BEGIN Available data

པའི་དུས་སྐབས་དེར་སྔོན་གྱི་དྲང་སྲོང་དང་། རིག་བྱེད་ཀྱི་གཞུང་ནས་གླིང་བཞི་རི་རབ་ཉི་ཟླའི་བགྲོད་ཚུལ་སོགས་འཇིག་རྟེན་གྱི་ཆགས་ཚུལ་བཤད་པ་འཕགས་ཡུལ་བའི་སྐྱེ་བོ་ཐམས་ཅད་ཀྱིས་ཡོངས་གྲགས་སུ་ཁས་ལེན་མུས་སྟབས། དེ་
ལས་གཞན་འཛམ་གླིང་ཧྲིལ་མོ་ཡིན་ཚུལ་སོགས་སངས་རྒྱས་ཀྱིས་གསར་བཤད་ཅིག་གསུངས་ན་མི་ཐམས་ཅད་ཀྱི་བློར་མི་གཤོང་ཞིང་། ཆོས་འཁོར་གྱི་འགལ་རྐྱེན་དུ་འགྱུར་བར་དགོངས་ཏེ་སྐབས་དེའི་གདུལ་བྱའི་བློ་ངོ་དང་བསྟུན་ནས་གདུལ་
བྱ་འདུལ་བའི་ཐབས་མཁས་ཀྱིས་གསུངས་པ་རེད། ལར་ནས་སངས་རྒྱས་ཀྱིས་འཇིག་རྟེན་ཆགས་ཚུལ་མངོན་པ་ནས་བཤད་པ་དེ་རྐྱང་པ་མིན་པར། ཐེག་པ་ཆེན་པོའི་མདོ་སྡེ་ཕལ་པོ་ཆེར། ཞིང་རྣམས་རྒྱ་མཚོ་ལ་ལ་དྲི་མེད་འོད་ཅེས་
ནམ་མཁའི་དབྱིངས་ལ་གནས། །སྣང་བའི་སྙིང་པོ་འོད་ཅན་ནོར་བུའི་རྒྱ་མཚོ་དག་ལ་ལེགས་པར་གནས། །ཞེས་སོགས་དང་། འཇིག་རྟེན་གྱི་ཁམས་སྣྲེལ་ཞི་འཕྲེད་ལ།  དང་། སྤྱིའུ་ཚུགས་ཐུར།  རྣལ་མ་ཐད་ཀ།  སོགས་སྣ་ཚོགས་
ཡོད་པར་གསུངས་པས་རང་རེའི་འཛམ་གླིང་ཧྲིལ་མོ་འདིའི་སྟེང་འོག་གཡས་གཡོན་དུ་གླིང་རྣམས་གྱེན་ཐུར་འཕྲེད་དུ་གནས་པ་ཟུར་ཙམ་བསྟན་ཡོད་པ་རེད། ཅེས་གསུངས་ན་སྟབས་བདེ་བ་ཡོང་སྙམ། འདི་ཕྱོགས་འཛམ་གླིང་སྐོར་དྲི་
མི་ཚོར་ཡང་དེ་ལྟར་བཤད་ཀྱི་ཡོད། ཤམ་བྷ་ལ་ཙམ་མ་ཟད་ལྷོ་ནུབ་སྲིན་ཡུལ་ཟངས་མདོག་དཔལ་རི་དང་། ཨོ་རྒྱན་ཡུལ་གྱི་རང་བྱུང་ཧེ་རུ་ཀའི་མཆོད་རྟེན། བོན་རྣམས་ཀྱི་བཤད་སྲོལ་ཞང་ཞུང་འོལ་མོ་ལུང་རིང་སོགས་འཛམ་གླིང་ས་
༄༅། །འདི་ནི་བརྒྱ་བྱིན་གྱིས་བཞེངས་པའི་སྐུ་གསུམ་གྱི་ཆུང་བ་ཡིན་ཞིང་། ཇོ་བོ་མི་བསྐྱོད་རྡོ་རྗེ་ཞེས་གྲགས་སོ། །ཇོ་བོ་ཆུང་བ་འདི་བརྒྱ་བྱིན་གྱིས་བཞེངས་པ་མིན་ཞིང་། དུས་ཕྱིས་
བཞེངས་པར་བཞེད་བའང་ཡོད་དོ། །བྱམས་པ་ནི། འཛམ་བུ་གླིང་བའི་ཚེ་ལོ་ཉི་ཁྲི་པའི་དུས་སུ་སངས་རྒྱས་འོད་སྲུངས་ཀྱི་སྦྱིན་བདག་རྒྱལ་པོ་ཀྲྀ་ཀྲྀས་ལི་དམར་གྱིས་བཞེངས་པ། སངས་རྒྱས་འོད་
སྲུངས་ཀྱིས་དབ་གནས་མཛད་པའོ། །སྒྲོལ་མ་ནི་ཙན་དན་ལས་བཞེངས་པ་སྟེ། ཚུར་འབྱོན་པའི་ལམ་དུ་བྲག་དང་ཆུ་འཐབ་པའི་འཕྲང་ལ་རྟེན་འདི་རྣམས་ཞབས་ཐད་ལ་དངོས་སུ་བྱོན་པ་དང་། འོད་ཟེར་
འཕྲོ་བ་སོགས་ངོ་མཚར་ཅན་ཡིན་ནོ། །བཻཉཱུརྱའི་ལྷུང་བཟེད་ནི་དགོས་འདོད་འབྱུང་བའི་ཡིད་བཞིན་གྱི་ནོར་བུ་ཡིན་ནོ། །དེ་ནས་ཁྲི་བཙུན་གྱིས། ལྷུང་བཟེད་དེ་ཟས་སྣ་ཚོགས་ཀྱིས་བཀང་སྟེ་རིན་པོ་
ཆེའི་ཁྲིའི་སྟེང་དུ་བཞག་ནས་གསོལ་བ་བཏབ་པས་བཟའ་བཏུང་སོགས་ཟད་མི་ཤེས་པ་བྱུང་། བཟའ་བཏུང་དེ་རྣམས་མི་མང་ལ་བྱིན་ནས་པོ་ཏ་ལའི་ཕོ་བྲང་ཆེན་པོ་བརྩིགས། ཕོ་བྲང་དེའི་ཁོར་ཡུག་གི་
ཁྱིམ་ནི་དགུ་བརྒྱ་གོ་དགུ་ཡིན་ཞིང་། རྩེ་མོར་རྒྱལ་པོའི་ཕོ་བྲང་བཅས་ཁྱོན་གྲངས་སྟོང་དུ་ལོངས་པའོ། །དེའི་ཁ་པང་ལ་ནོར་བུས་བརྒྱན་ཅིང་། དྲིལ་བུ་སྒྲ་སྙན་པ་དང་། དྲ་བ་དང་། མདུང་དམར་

END Available data
BEGIN Available data

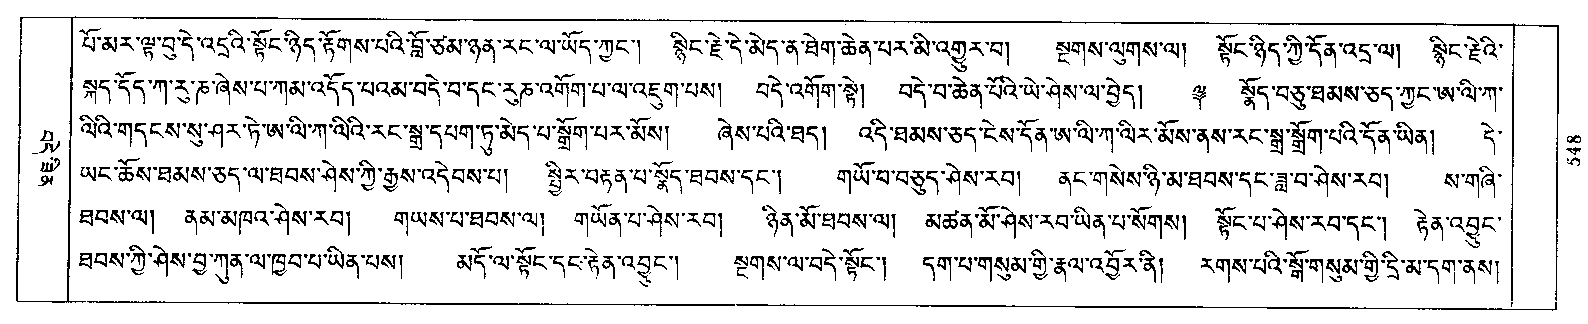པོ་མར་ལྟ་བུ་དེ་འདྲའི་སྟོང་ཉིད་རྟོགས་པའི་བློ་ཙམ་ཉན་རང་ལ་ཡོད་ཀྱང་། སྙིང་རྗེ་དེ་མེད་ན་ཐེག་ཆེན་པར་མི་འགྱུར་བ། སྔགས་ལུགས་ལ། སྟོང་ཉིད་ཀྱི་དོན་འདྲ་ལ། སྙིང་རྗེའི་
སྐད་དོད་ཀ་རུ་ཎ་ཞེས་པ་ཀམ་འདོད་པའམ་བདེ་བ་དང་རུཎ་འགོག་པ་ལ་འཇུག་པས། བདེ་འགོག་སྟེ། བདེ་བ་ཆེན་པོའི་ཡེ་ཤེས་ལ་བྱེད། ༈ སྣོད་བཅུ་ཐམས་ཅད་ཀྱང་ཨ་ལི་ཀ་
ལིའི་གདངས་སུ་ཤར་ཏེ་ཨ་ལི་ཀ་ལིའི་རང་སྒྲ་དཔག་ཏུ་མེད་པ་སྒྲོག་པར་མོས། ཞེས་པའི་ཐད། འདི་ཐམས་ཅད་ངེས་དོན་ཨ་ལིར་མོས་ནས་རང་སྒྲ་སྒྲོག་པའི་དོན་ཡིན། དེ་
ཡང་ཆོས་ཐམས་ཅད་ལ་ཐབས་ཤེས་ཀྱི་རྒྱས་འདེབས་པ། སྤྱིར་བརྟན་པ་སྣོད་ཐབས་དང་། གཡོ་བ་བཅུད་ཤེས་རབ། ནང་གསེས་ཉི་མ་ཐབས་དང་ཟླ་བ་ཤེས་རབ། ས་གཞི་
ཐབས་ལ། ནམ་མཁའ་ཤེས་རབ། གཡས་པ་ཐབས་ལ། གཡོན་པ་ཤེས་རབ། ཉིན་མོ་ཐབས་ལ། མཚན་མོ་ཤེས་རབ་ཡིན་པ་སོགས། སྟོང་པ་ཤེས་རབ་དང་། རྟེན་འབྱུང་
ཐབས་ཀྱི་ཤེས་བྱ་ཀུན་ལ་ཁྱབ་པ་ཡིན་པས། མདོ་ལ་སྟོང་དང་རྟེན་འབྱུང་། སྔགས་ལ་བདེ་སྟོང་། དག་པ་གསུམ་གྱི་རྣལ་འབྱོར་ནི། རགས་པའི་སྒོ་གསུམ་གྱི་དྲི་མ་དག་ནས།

END Available data
BEGIN Available data

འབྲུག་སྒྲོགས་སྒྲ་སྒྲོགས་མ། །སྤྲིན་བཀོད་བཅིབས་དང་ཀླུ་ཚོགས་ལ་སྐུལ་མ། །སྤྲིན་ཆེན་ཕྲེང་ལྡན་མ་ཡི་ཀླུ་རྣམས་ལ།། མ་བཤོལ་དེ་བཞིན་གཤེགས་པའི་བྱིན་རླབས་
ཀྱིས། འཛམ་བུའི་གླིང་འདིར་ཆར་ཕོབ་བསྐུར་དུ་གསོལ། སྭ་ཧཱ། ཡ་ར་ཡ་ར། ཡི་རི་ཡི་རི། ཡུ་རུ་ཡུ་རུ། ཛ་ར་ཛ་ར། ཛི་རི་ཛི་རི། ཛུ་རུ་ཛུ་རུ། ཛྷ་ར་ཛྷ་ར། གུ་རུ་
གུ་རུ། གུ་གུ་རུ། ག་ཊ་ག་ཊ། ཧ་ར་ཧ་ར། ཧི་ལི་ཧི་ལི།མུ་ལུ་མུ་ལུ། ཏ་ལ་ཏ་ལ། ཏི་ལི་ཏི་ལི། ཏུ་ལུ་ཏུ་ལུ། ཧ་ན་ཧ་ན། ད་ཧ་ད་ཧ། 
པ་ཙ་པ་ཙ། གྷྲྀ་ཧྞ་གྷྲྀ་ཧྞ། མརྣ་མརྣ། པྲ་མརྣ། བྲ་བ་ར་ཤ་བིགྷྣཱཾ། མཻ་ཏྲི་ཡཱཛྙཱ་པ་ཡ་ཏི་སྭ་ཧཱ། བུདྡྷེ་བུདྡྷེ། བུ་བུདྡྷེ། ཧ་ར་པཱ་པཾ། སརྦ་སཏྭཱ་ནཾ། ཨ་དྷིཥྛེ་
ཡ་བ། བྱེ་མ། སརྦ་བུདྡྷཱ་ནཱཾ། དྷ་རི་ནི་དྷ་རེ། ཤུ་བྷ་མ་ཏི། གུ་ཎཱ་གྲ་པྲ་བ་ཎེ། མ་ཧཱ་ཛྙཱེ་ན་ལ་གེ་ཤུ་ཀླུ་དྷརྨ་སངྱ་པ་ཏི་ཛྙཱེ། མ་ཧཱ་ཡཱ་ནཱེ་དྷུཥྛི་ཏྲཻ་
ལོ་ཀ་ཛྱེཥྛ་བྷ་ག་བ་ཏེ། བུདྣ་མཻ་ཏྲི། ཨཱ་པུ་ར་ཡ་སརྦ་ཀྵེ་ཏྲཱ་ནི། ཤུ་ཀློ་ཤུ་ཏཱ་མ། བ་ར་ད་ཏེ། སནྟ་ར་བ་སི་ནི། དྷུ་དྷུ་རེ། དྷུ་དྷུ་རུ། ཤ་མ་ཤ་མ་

END Available data

- **Work task**
Reprint exactly the lines above that start at the one with "ཡ་བ། བྱེ་མ། སརྦ་བུདྡྷཱ་ནཱཾ།" and end at the one with "ལོ་ཀ་ཛྱེཥྛ་བྷ་ག་བ་ཏེ། བུདྣ་མཻ་ཏྲི། ཨཱ་པུ་ར་ཡ་སརྦ་ཀྵེ་ཏྲཱ་ནི།", keeping both and adding none.

- **Response to this exercise**
ཡ་བ། བྱེ་མ། སརྦ་བུདྡྷཱ་ནཱཾ། དྷ་རི་ནི་དྷ་རེ། ཤུ་བྷ་མ་ཏི། གུ་ཎཱ་གྲ་པྲ་བ་ཎེ། མ་ཧཱ་ཛྙཱེ་ན་ལ་གེ་ཤུ་ཀླུ་དྷརྨ་སངྱ་པ་ཏི་ཛྙཱེ། མ་ཧཱ་ཡཱ་ནཱེ་དྷུཥྛི་ཏྲཻ་
ལོ་ཀ་ཛྱེཥྛ་བྷ་ག་བ་ཏེ། བུདྣ་མཻ་ཏྲི། ཨཱ་པུ་ར་ཡ་སརྦ་ཀྵེ་ཏྲཱ་ནི། ཤུ་ཀློ་ཤུ་ཏཱ་མ། བ་ར་ད་ཏེ། སནྟ་ར་བ་སི་ནི། དྷུ་དྷུ་རེ། དྷུ་དྷུ་རུ། ཤ་མ་ཤ་མ་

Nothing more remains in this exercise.